[[ Data for this task, beginning ]]

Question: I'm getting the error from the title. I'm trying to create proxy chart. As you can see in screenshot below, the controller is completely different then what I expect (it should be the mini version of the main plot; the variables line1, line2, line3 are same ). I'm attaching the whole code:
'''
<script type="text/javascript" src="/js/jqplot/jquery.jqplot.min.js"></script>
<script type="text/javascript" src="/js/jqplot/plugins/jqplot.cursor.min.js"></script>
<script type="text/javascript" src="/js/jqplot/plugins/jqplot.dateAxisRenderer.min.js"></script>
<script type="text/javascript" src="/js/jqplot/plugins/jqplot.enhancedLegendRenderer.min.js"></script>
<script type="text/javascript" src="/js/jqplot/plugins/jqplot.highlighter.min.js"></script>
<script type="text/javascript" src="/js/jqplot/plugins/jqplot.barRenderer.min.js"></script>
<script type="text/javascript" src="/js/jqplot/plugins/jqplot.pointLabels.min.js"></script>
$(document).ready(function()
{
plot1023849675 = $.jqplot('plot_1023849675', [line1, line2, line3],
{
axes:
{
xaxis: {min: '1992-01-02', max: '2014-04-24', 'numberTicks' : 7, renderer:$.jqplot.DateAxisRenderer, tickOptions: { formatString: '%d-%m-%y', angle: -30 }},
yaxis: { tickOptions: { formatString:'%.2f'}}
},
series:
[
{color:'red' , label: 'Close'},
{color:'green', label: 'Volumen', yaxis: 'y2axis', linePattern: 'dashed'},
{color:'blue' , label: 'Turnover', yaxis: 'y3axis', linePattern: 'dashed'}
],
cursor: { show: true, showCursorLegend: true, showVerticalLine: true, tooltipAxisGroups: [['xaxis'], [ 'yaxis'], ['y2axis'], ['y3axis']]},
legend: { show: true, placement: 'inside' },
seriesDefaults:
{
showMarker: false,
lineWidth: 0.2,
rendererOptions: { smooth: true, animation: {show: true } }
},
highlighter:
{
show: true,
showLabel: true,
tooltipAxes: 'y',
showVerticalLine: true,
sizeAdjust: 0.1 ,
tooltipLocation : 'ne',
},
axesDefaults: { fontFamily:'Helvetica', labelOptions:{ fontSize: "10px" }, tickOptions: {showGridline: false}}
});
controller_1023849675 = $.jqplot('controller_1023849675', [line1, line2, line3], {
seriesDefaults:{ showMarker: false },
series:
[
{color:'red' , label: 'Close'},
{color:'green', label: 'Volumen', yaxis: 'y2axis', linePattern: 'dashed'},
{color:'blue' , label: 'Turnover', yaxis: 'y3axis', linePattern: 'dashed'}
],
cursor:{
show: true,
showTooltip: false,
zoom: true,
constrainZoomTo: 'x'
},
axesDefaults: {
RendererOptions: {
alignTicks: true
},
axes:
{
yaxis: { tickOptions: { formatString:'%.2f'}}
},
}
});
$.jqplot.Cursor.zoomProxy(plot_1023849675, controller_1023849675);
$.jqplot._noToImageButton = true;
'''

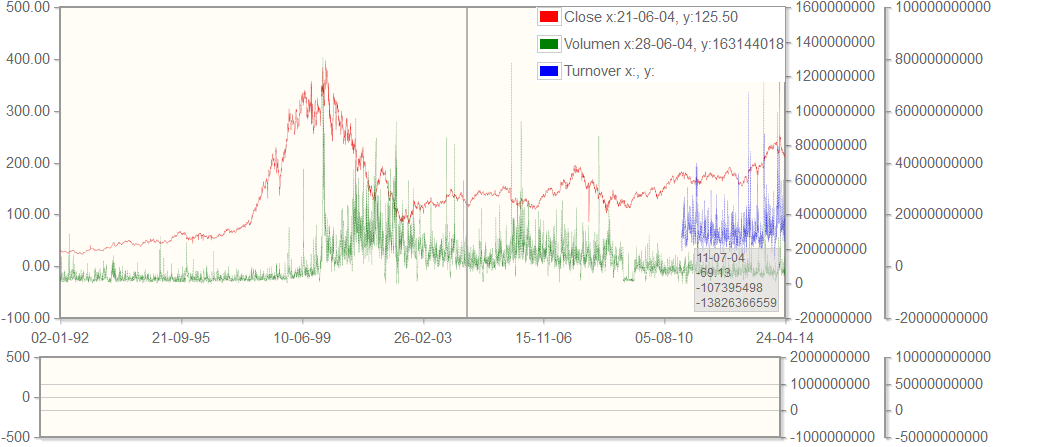
Answer: You need to correct this line :
'''
$.jqplot.Cursor.zoomProxy(plot_1023849675, controller_1023849675);
'''
By this one :
'''
$.jqplot.Cursor.zoomProxy(plot1023849675, controller_1023849675);
'''
You need to give to the ZoomProxy function your targetPlot and your controllerPlot variables (I think there is a mistake with the id of the targetPlot (an additional underscore))
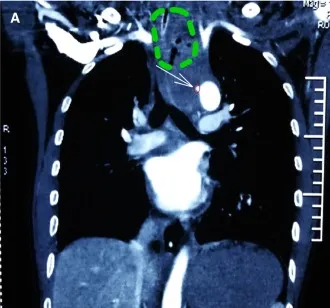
Preoperative examinations. (A) Computed tomography angiography (CTA): coronal view of mediastinitis and aortoesophageal fistula. Mediastinitis and gas accumulation with the green circle. The white arrow points to the leakage of contrast from the aorta, indicating a break in the aortic wall, within a small red circle.
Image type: radiology (ct)
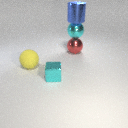
large cyan metal sphere below large blue metal cylinder
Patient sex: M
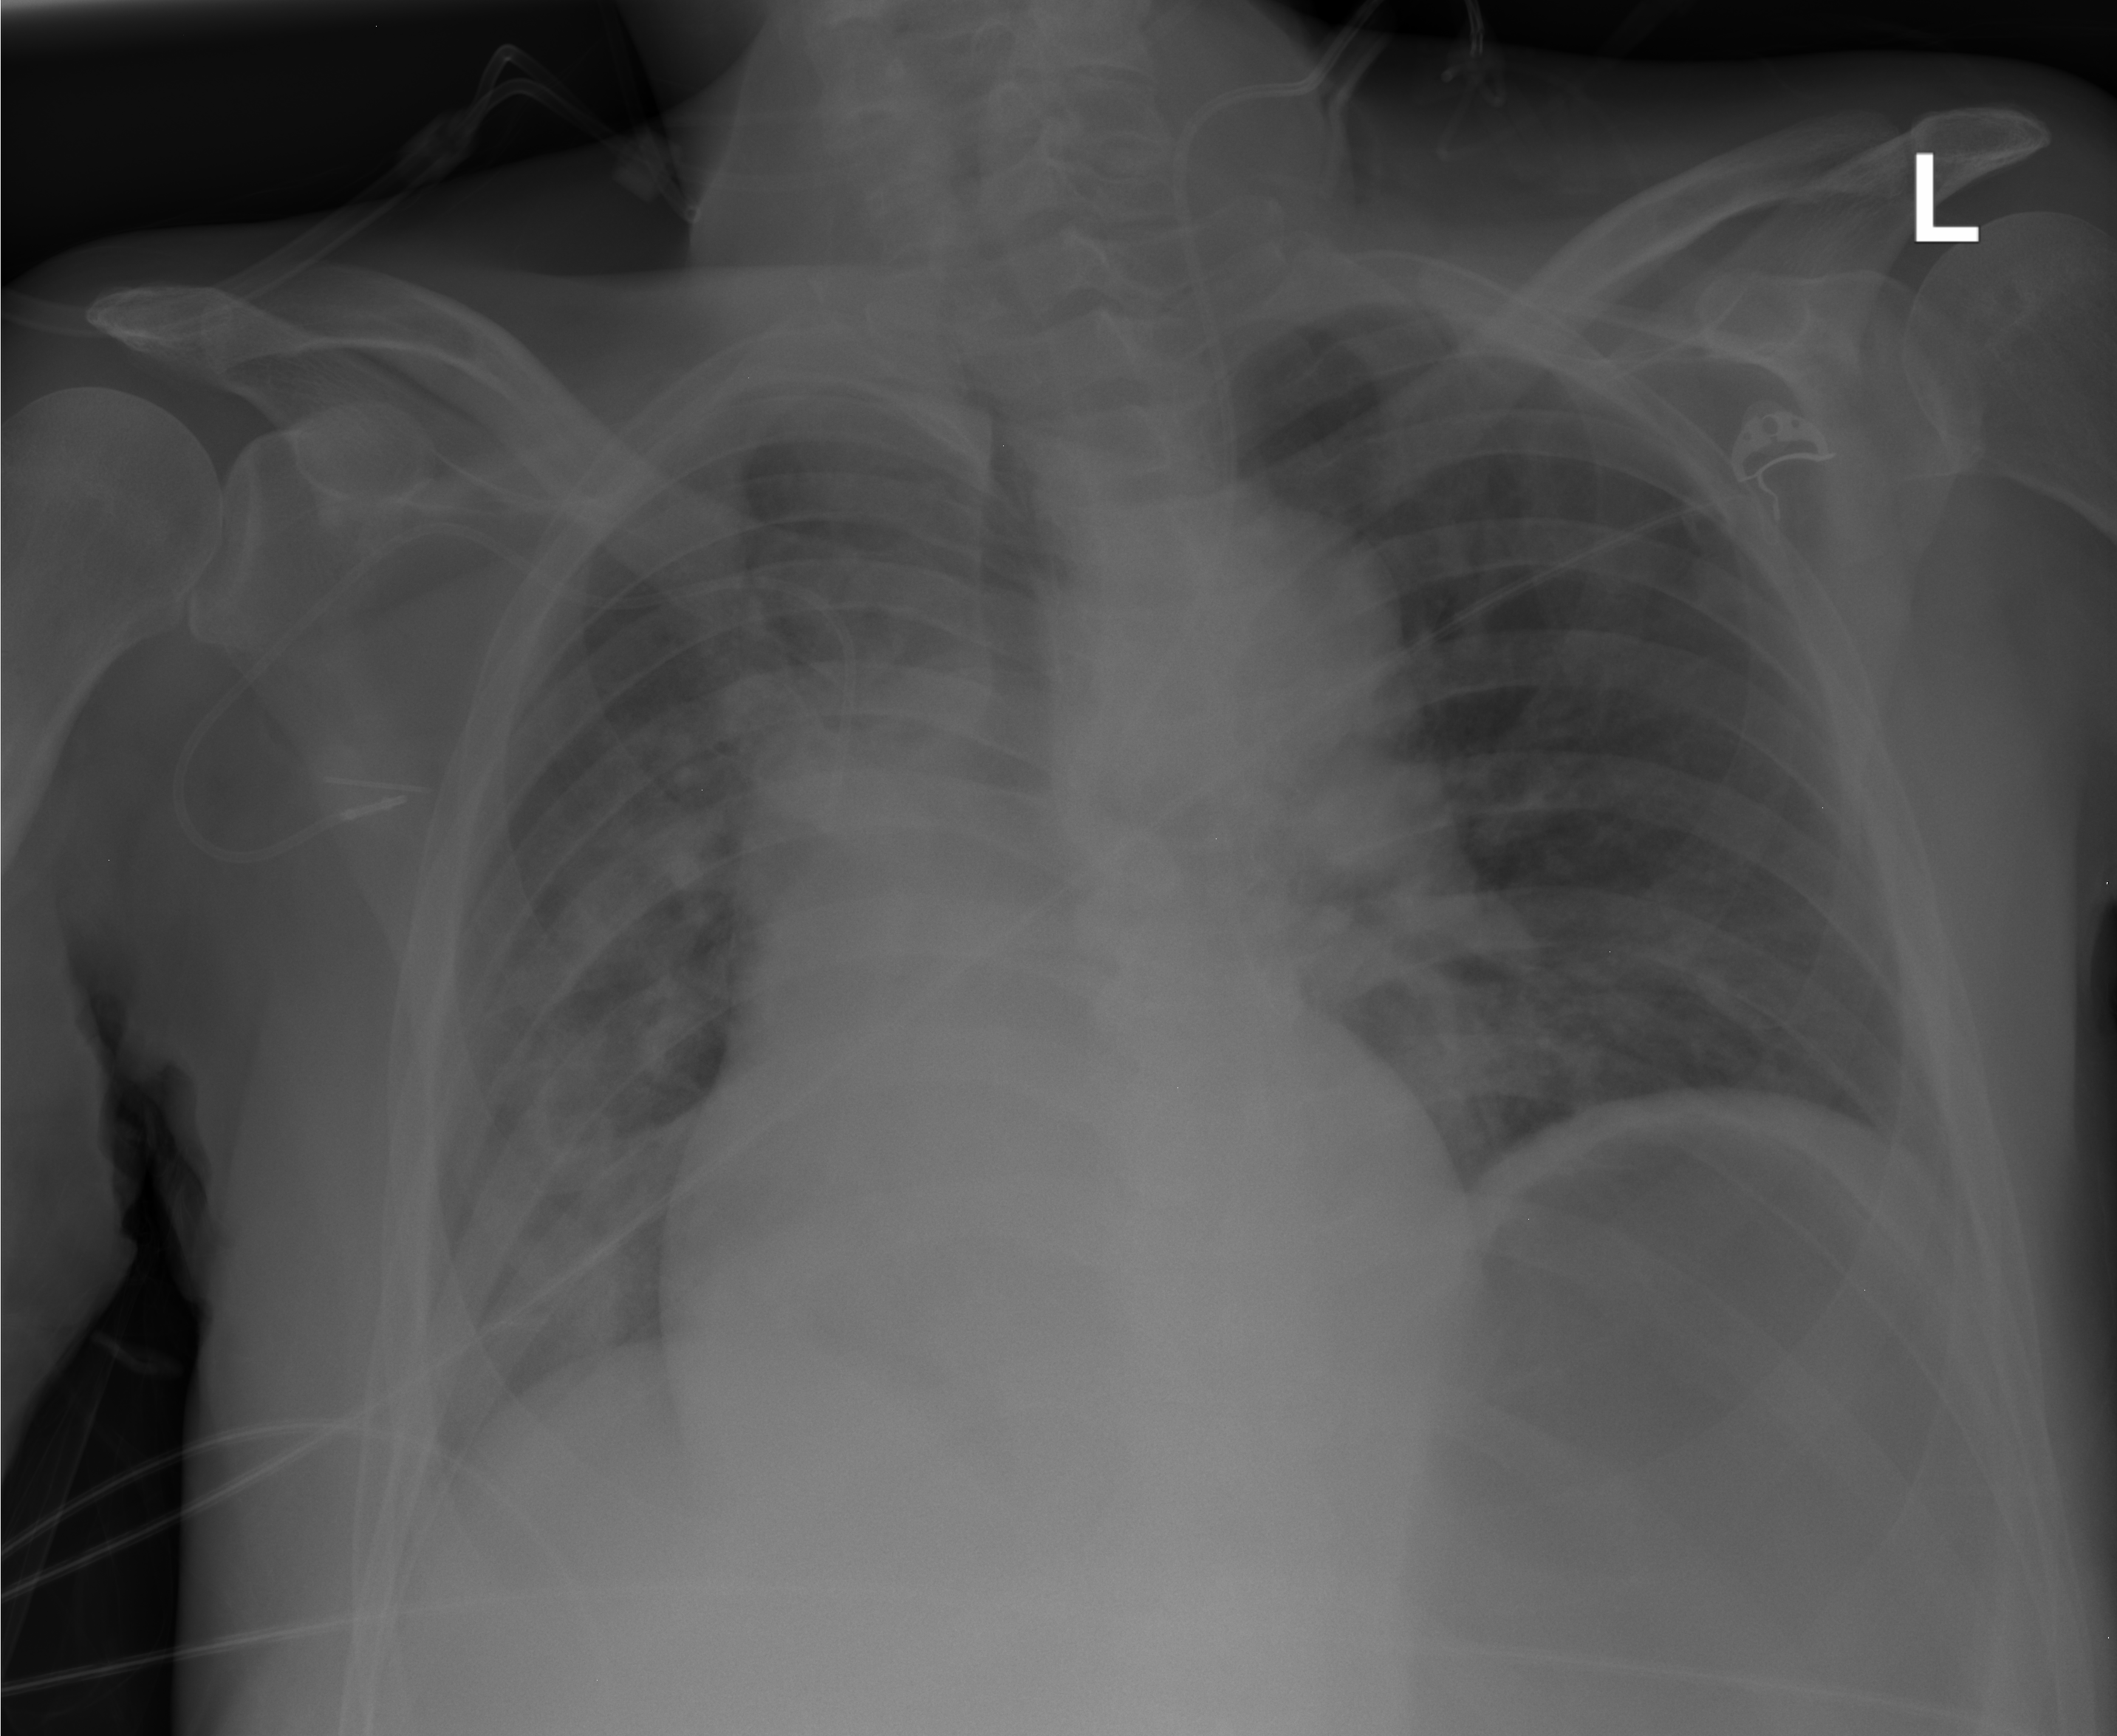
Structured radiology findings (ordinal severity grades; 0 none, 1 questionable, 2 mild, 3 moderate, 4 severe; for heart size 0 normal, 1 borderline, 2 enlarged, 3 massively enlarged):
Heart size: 0
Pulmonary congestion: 0
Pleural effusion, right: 0
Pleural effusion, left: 0
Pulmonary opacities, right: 2
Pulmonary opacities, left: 2
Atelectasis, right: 0
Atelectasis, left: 0
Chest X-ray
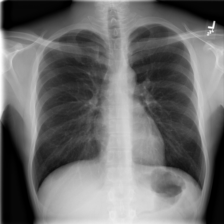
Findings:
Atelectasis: negative
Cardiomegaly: negative
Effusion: negative
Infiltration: negative
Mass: negative
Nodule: negative
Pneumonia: negative
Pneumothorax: negative
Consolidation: negative
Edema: negative
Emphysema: negative
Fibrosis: negative
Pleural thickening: negative
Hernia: negative
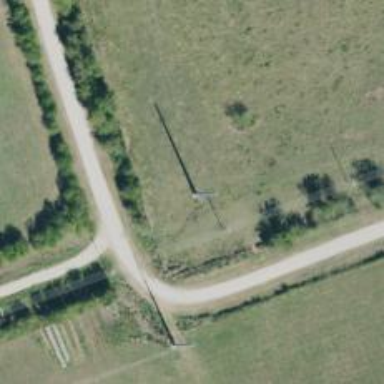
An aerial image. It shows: Power pole.
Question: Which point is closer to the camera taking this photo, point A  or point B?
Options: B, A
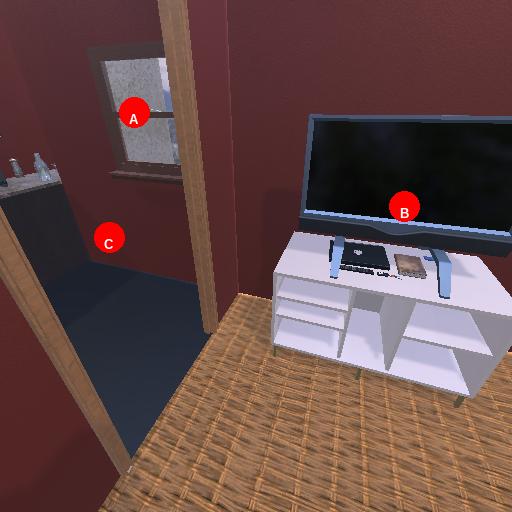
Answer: B
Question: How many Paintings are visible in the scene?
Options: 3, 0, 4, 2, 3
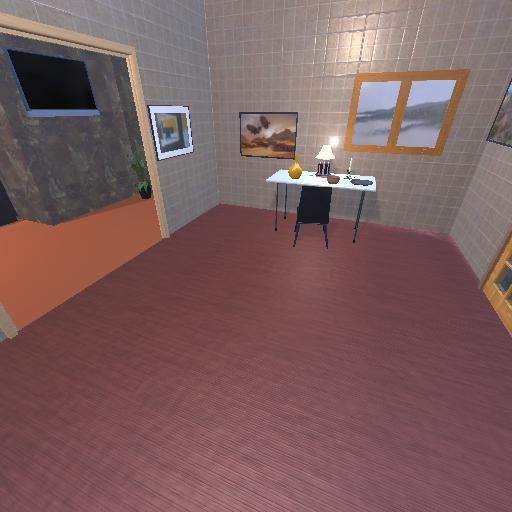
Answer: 3
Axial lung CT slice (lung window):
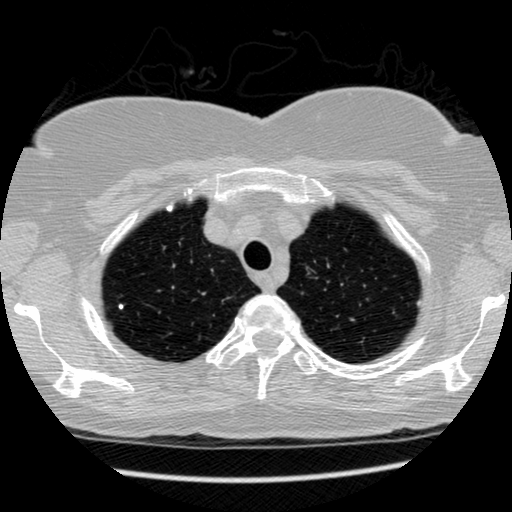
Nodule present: no
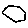
Label: hexagon
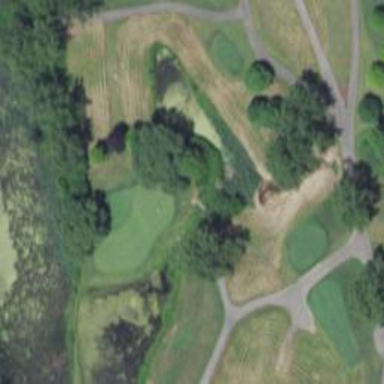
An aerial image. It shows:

[[ Data for this task, end ]]

§ **Required action**:
Every line from the one containing "Emphysema: negative" through the last line of the data is to be retyped exactly, with nothing added and no pictures included.

§ **Output of the exercise**:
Emphysema: negative
Fibrosis: negative
Pleural thickening: negative
Hernia: negative
An aerial image. It shows: Power pole.
Question: Which point is closer to the camera taking this photo, point A  or point B?
Options: B, A
Answer: B
Question: How many Paintings are visible in the scene?
Options: 3, 0, 4, 2, 3
Answer: 3
Axial lung CT slice (lung window):
Nodule present: no
Label: hexagon
An aerial image. It shows:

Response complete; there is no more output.